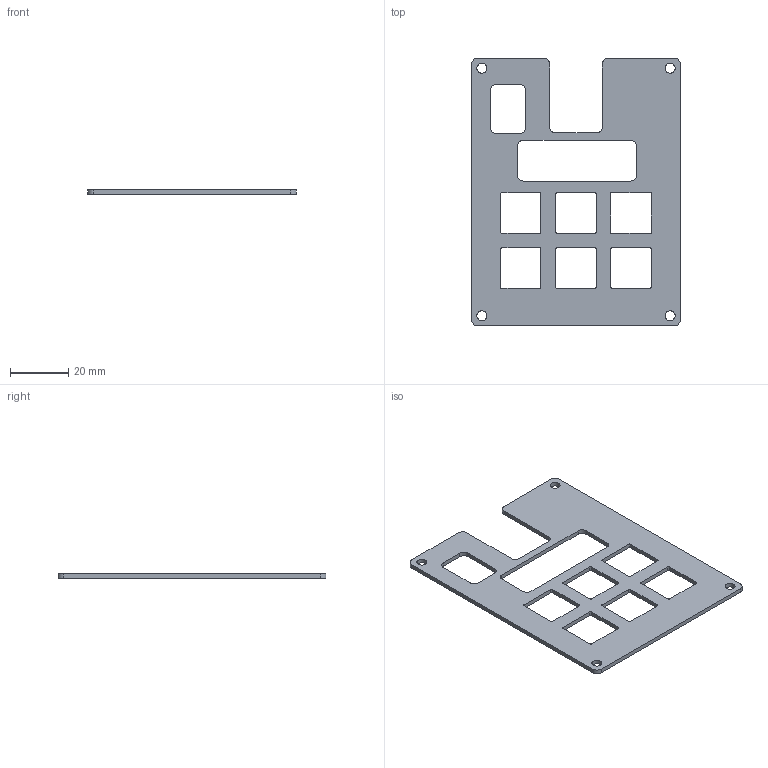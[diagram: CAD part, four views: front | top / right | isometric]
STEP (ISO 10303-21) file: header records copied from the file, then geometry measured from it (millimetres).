
FILE_DESCRIPTION(/* description */ (''),/* implementation_level */ '2;1');
FILE_NAME(/* name */ 'JONAHS LID.step',/* time_stamp */ '2026-01-30T20:17:38-06:00',/* author */ (''),/* organization */ (''),/* preprocessor_version */ 'ST-DEVELOPER v20.1',/* originating_system */ 'Autodesk Translation Framework v14.24.0.0',/* authorisation */ '');
FILE_SCHEMA (('AUTOMOTIVE_DESIGN { 1 0 10303 214 3 1 1 }'));
Length unit declared in the file: inch
Products named in the file (1): 2026-01-23-16-47-23-754
Bounding box: 71.91 x 92.29 x 1.5 mm (x, y, z)
Volume: 6279 mm3; surface area: 9734.7 mm2
Topology: 1 solids, 1 shells, 82 faces, 240 edges, 160 vertices
Faces by surface type: plane 42, cylinder 40
Full cylindrical faces by diameter (mm): 3.44 x4
Entity records: 2827 total; most frequent: DIRECTION 486, CARTESIAN_POINT 483, ORIENTED_EDGE 480, EDGE_CURVE 240, AXIS2_PLACEMENT_3D 163, LINE 160, VECTOR 160, VERTEX_POINT 160

-.-.-

Action item: In the entries, find the line containing "STEP (ISO 10303-21)" and output it and all remaining lines exactly.

Result of this task:
STEP (ISO 10303-21) file: header records copied from the file, then geometry measured from it (millimetres).
FILE_DESCRIPTION(/* description */ (''),/* implementation_level */ '2;1');
FILE_NAME(/* name */ 'JONAHS LID.step',/* time_stamp */ '2026-01-30T20:17:38-06:00',/* author */ (''),/* organization */ (''),/* preprocessor_version */ 'ST-DEVELOPER v20.1',/* originating_system */ 'Autodesk Translation Framework v14.24.0.0',/* authorisation */ '');
FILE_SCHEMA (('AUTOMOTIVE_DESIGN { 1 0 10303 214 3 1 1 }'));
Length unit declared in the file: inch
Products named in the file (1): 2026-01-23-16-47-23-754
Bounding box: 71.91 x 92.29 x 1.5 mm (x, y, z)
Volume: 6279 mm3; surface area: 9734.7 mm2
Topology: 1 solids, 1 shells, 82 faces, 240 edges, 160 vertices
Faces by surface type: plane 42, cylinder 40
Full cylindrical faces by diameter (mm): 3.44 x4
Entity records: 2827 total; most frequent: DIRECTION 486, CARTESIAN_POINT 483, ORIENTED_EDGE 480, EDGE_CURVE 240, AXIS2_PLACEMENT_3D 163, LINE 160, VECTOR 160, VERTEX_POINT 160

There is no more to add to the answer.